HOW TO COMPLETE THIS TASK:
Transcribe the listing below from its opening line up to and including the line that contains "[0:00.0-0:08.5]"; reproduce nothing else.

GIVEN INFORMATION:
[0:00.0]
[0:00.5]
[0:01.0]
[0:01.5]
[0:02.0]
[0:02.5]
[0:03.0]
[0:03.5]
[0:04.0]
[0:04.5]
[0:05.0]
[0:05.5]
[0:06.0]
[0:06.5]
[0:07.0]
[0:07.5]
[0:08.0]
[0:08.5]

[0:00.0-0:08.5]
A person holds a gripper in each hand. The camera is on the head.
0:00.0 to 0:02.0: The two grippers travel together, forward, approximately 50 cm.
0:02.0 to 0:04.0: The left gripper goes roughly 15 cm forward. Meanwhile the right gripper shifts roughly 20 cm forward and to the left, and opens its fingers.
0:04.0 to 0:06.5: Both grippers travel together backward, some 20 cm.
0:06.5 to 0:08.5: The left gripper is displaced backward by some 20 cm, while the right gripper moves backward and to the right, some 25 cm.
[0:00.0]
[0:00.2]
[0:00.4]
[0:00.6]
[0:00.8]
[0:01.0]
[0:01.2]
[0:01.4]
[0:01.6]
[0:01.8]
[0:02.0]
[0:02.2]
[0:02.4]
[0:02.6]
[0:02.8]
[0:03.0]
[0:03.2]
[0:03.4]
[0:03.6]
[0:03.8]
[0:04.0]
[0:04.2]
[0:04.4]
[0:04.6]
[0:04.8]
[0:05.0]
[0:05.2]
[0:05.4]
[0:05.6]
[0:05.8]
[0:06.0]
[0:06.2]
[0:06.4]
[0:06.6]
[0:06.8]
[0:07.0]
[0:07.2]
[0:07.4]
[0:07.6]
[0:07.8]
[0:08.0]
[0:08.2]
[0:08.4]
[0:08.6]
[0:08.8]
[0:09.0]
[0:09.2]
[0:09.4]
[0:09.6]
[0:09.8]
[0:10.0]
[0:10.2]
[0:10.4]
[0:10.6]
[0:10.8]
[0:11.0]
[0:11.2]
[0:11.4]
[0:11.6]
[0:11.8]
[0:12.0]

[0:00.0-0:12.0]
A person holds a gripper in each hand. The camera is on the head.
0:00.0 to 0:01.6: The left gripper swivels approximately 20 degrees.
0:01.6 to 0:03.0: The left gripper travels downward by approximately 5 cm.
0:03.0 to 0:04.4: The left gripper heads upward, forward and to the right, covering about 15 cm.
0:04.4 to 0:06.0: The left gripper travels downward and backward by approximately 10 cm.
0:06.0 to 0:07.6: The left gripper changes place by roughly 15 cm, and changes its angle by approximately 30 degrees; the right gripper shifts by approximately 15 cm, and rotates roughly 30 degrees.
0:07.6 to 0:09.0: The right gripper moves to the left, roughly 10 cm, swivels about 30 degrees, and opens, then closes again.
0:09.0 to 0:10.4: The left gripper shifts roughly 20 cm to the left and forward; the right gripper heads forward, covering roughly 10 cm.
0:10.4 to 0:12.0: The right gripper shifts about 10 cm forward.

YOUR RESPONSE:
[0:00.0]
[0:00.5]
[0:01.0]
[0:01.5]
[0:02.0]
[0:02.5]
[0:03.0]
[0:03.5]
[0:04.0]
[0:04.5]
[0:05.0]
[0:05.5]
[0:06.0]
[0:06.5]
[0:07.0]
[0:07.5]
[0:08.0]
[0:08.5]

[0:00.0-0:08.5]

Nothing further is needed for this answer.